Is suspension a primitive or a trick?
Resonate is addressing the problem of suspension by pinning the answer to a protocol instead of a runtime.
Have you read this? Hanging Promises for Control Flow.
So, if I understand it correctly, you’re inside a serverless function. You hit a step you can’t finish in this invocation. You need to get the user’s async function off the stack without throwing — because user try/catch might swallow the signal. So you await a promise that never resolves.
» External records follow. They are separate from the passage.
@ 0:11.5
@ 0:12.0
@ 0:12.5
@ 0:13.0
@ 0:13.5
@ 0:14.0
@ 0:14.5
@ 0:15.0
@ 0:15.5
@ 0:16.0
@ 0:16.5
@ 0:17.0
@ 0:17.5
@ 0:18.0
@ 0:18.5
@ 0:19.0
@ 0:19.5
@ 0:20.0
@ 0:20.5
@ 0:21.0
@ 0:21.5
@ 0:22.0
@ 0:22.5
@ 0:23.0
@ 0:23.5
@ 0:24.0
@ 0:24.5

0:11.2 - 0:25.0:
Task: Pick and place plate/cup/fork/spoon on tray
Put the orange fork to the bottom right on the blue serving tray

Function suspends, process gets torn down, GC cleans up the frame, fresh invocation replays from the top using a memoization map of finished steps.
Clever, though isn’t this a workaround for a problem that only exists because suspension isn’t a first-class thing the runtime owns?
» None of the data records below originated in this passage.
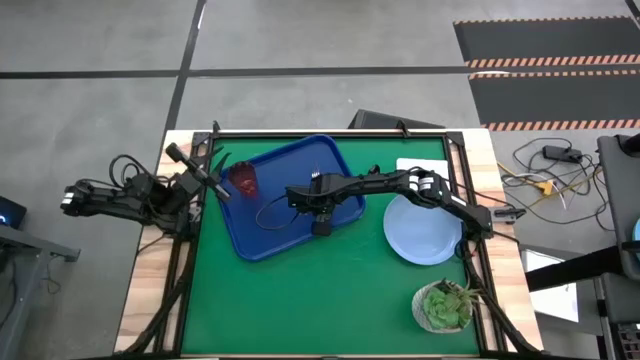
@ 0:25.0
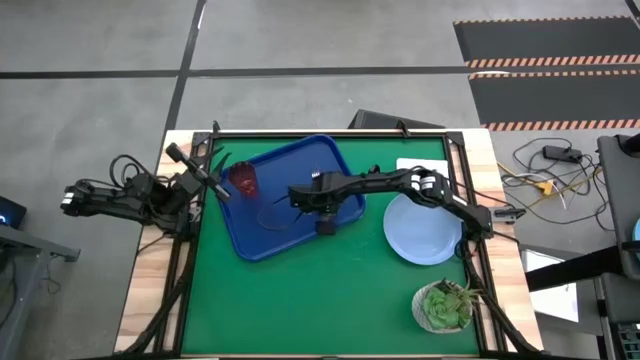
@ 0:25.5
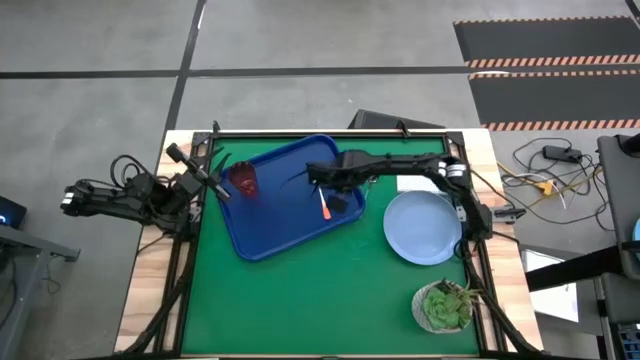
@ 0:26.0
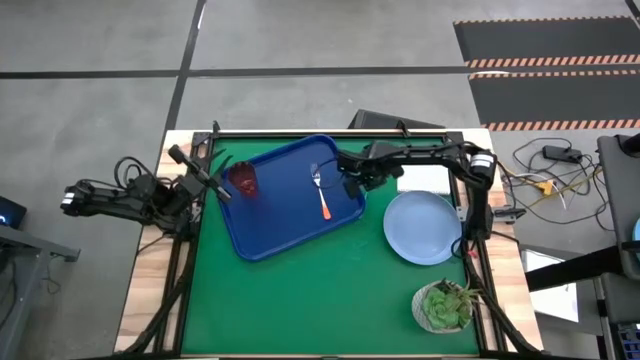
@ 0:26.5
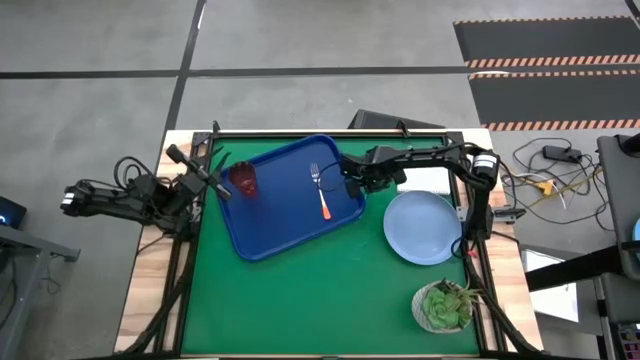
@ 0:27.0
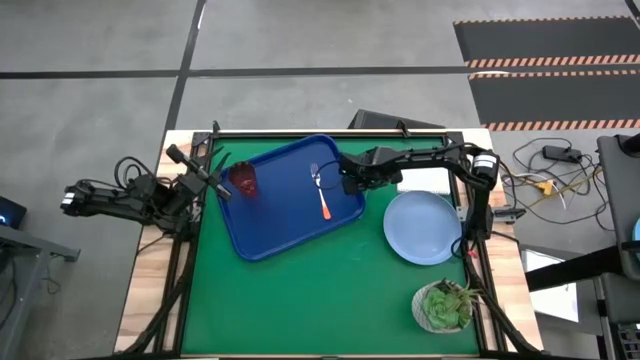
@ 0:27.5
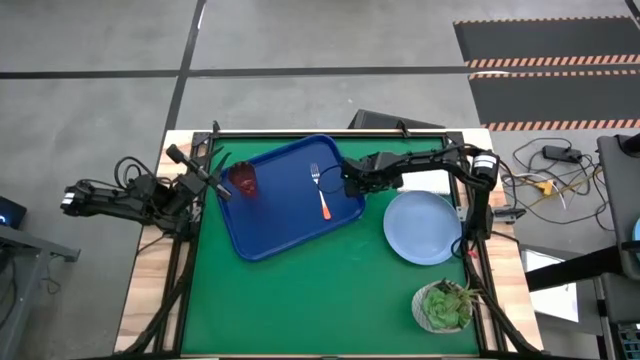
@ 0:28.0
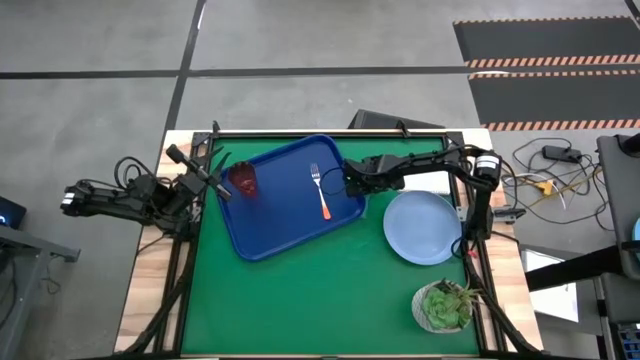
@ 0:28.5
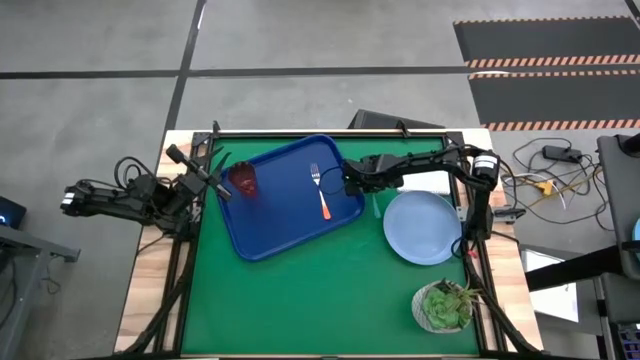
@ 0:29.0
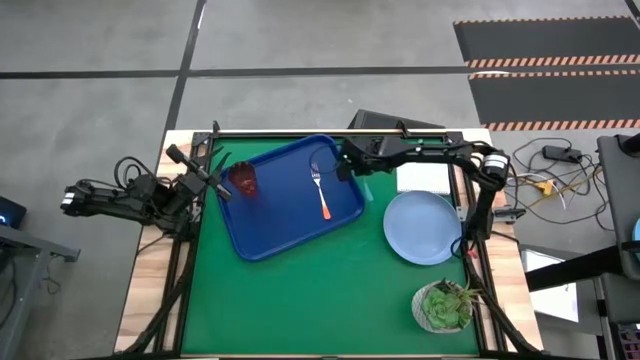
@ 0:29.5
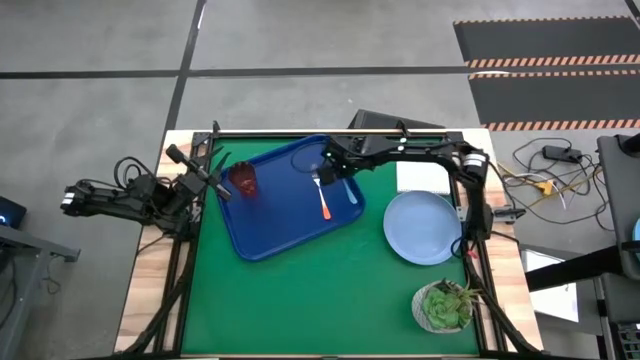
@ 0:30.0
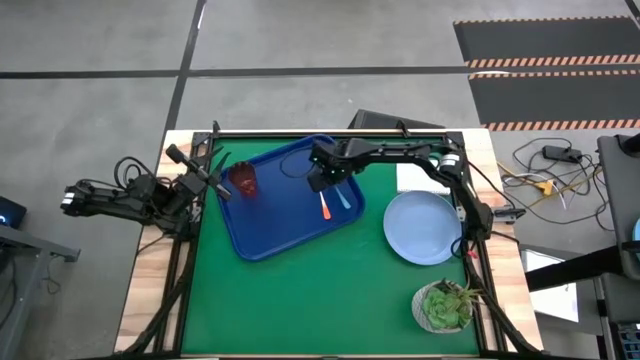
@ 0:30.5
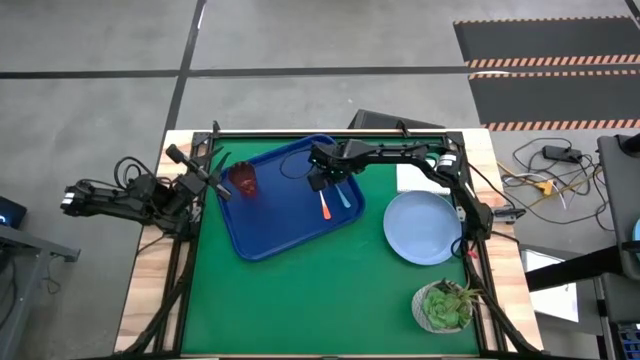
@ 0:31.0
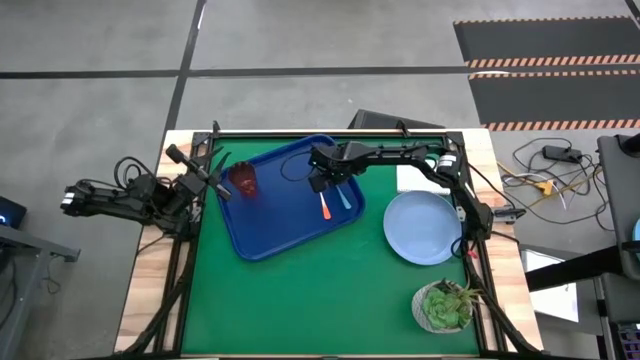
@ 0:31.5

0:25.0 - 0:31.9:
Put the blue spoon on the blue serving tray to the right of the orange fork

Seems like the whole maneuver leans on a property of the language’s runtime, where each language would require its own version of the trick with its own caveats.
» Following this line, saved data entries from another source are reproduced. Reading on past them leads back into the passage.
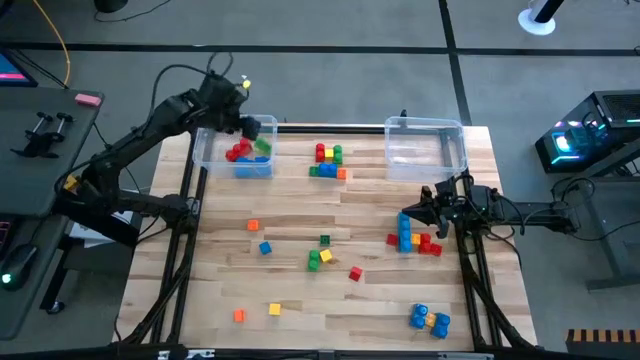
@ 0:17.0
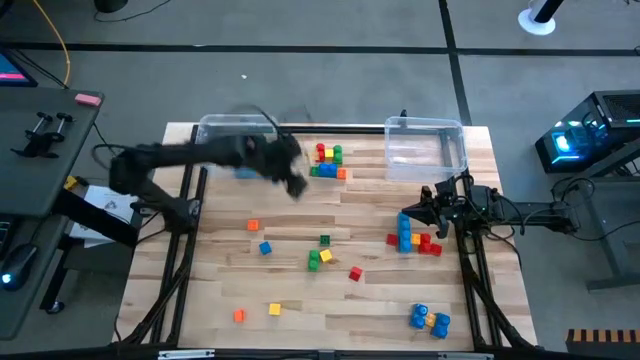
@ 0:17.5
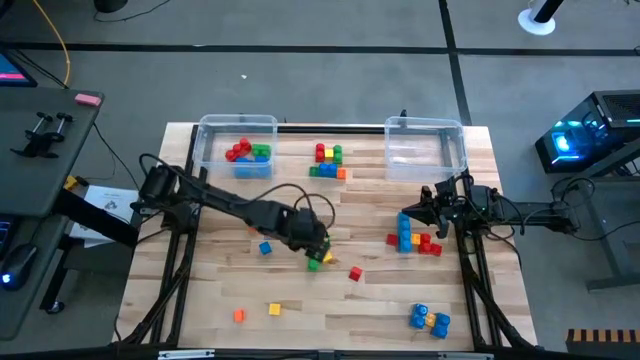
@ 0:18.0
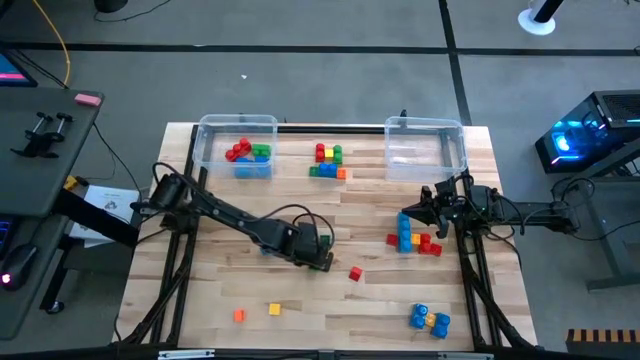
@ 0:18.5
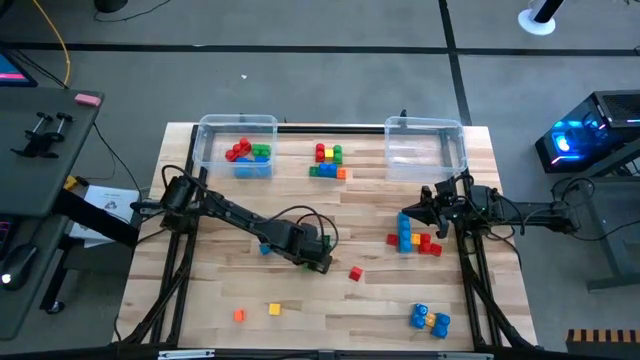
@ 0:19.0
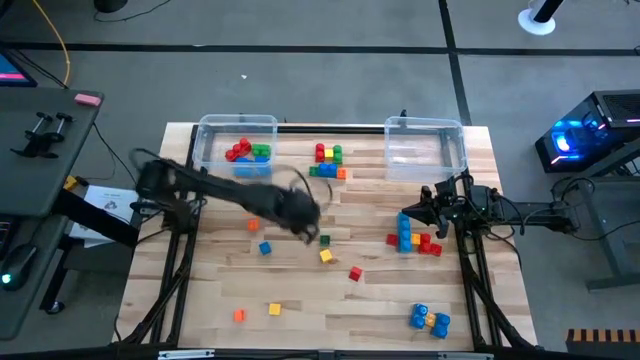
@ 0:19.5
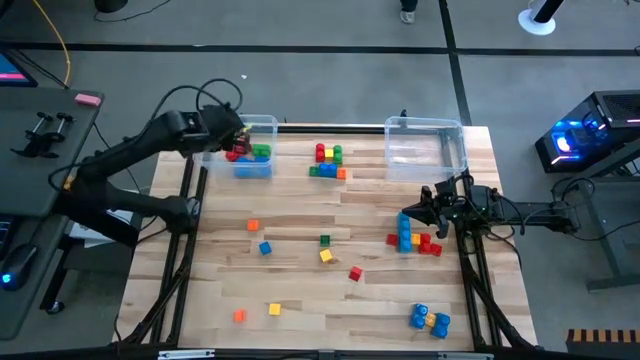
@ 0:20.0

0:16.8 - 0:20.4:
Task: Sort blocks by size
Put the large game piece into the left transparent bin

As you know I work Resonate HQ and we bet (well, Dominik Tornow bet) that suspension shouldn’t be a clever thing the runtime sneaks past user code — it should be a protocol.
Coincidentally enough, the protocol calls for a durable promise that lives outside any single process, or any single language.
When a function awaits a durable promise, the runtime parks the computation. Promise resolves — same process, different process, one that doesn’t exist yet — computation comes back. No exception to dodge, no GC trick to lean on. The await (or in the current Resonate Typescript SDK version its yield) means what it says.
If that’s right, the hanging-promise technique is a great answer inside one language’s constraints, but Resonate is making the same problem moot one layer down by pinning the answer to a protocol instead of a runtime.
If you think I’ve got something backwards, tell me.